##### Raw data #####
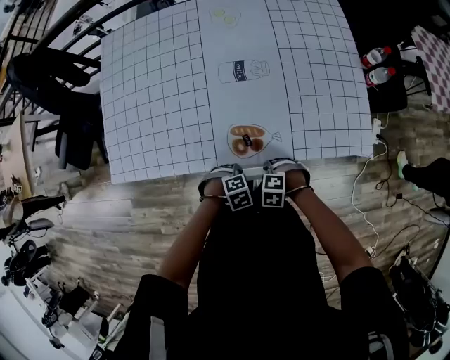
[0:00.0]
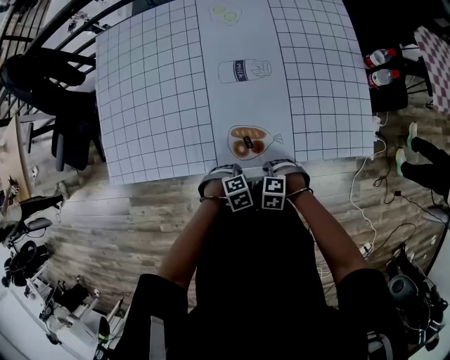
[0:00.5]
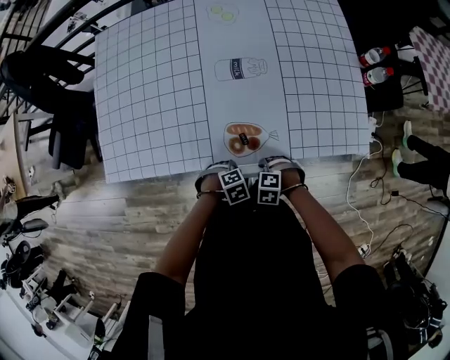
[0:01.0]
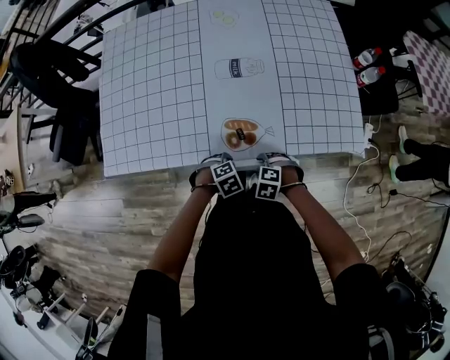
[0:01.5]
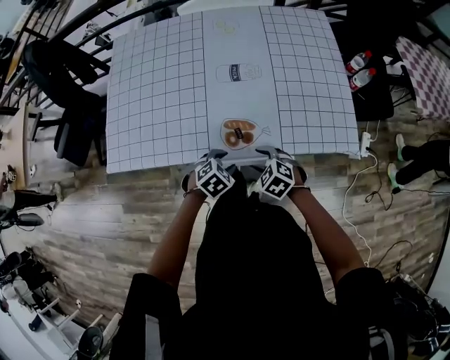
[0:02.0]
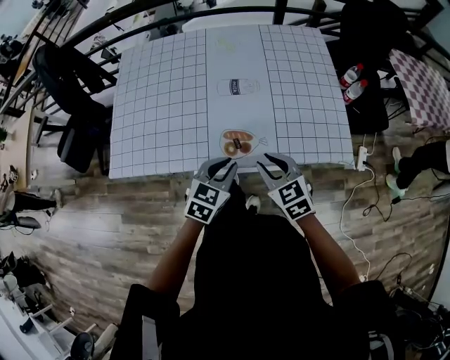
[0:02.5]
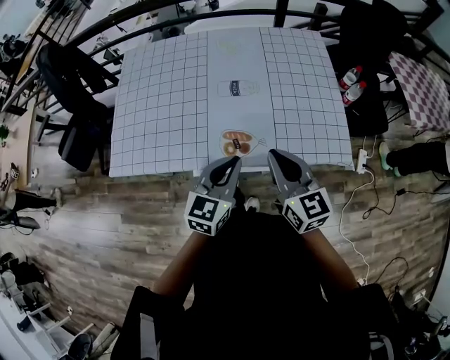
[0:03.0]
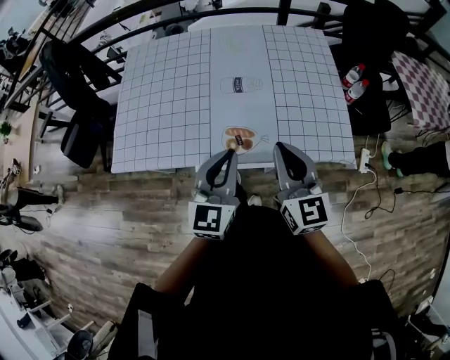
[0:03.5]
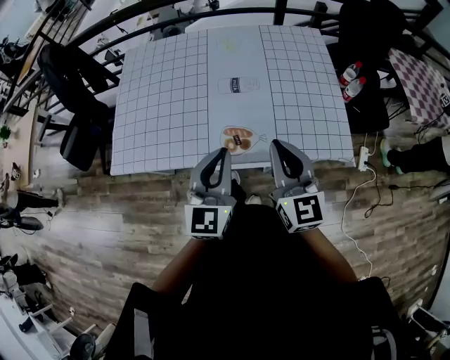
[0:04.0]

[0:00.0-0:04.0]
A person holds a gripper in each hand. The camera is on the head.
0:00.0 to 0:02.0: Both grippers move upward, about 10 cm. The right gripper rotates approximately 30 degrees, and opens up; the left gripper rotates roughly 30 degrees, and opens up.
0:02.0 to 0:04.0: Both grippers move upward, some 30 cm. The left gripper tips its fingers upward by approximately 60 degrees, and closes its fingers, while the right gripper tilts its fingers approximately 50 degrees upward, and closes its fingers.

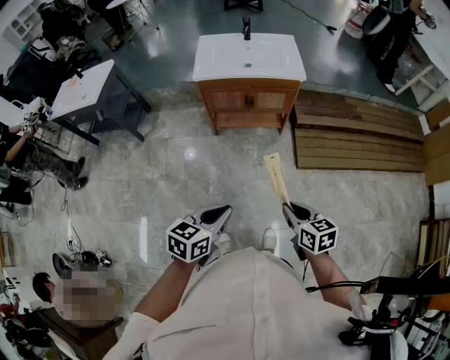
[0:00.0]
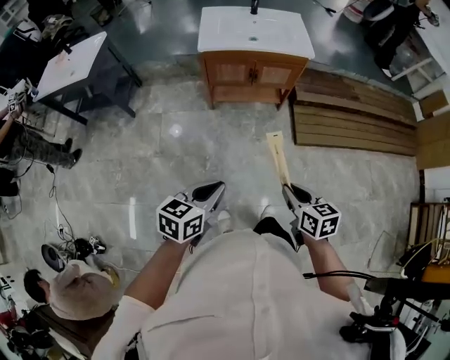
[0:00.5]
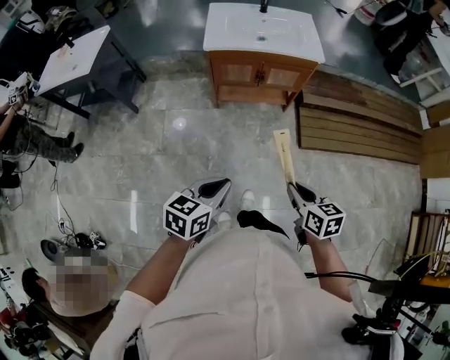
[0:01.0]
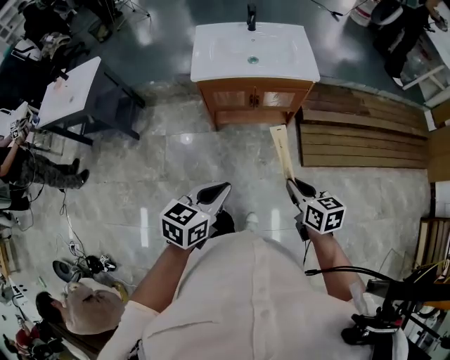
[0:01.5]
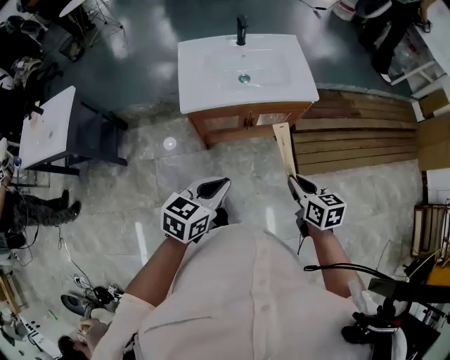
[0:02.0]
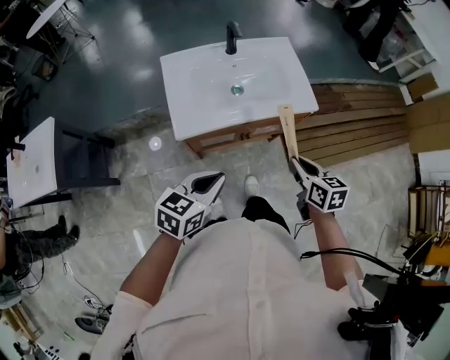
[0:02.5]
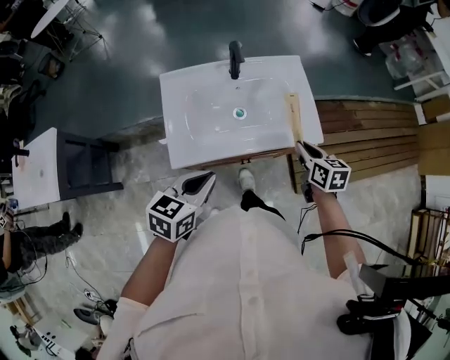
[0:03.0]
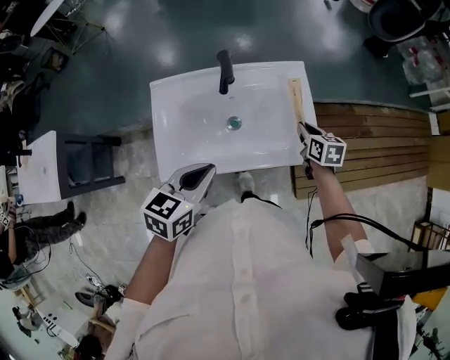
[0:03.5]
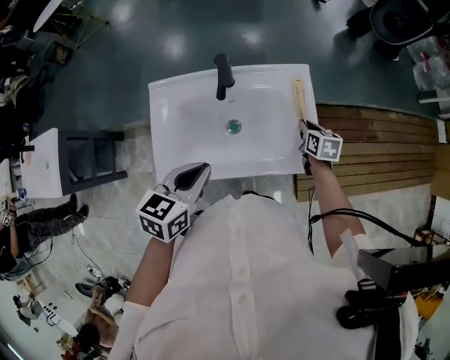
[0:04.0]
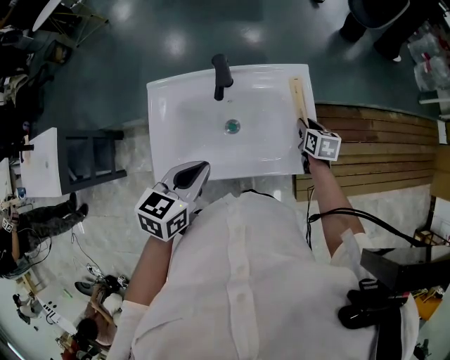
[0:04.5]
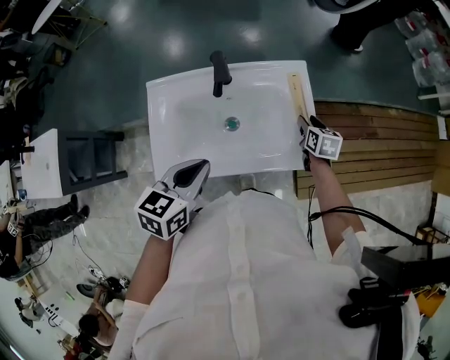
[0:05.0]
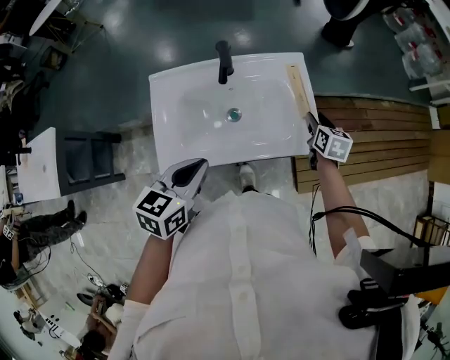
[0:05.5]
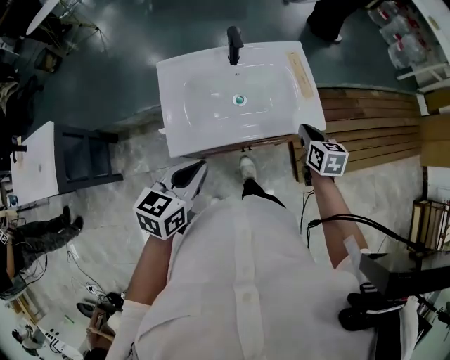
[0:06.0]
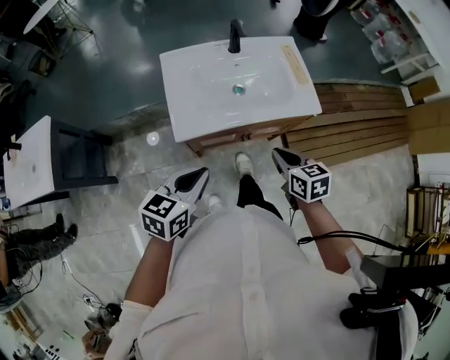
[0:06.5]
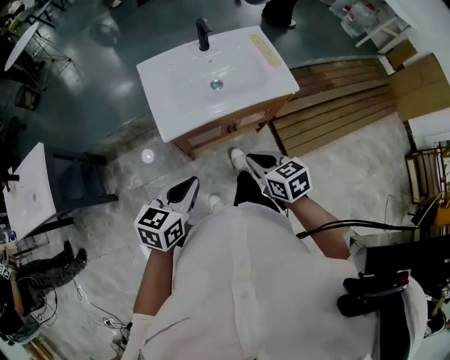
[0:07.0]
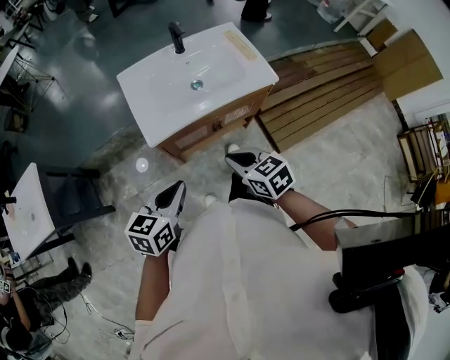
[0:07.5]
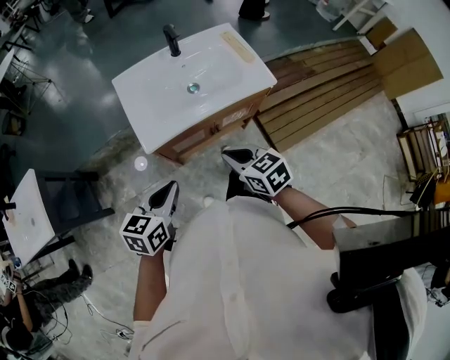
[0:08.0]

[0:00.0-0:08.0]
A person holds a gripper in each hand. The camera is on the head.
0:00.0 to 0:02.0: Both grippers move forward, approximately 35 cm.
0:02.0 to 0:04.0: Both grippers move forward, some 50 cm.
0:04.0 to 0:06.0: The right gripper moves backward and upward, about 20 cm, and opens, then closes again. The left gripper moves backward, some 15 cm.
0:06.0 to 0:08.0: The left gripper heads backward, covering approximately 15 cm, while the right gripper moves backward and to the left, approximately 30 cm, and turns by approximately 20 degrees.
#####
**Problem to work on:** For the entries above, return an exact copy that omits the images.

**Task response:**
[0:00.0]
[0:00.5]
[0:01.0]
[0:01.5]
[0:02.0]
[0:02.5]
[0:03.0]
[0:03.5]
[0:04.0]

[0:00.0-0:04.0]
A person holds a gripper in each hand. The camera is on the head.
0:00.0 to 0:02.0: Both grippers move upward, about 10 cm. The right gripper rotates approximately 30 degrees, and opens up; the left gripper rotates roughly 30 degrees, and opens up.
0:02.0 to 0:04.0: Both grippers move upward, some 30 cm. The left gripper tips its fingers upward by approximately 60 degrees, and closes its fingers, while the right gripper tilts its fingers approximately 50 degrees upward, and closes its fingers.

[0:00.0]
[0:00.5]
[0:01.0]
[0:01.5]
[0:02.0]
[0:02.5]
[0:03.0]
[0:03.5]
[0:04.0]
[0:04.5]
[0:05.0]
[0:05.5]
[0:06.0]
[0:06.5]
[0:07.0]
[0:07.5]
[0:08.0]

[0:00.0-0:08.0]
A person holds a gripper in each hand. The camera is on the head.
0:00.0 to 0:02.0: Both grippers move forward, approximately 35 cm.
0:02.0 to 0:04.0: Both grippers move forward, some 50 cm.
0:04.0 to 0:06.0: The right gripper moves backward and upward, about 20 cm, and opens, then closes again. The left gripper moves backward, some 15 cm.
0:06.0 to 0:08.0: The left gripper heads backward, covering approximately 15 cm, while the right gripper moves backward and to the left, approximately 30 cm, and turns by approximately 20 degrees.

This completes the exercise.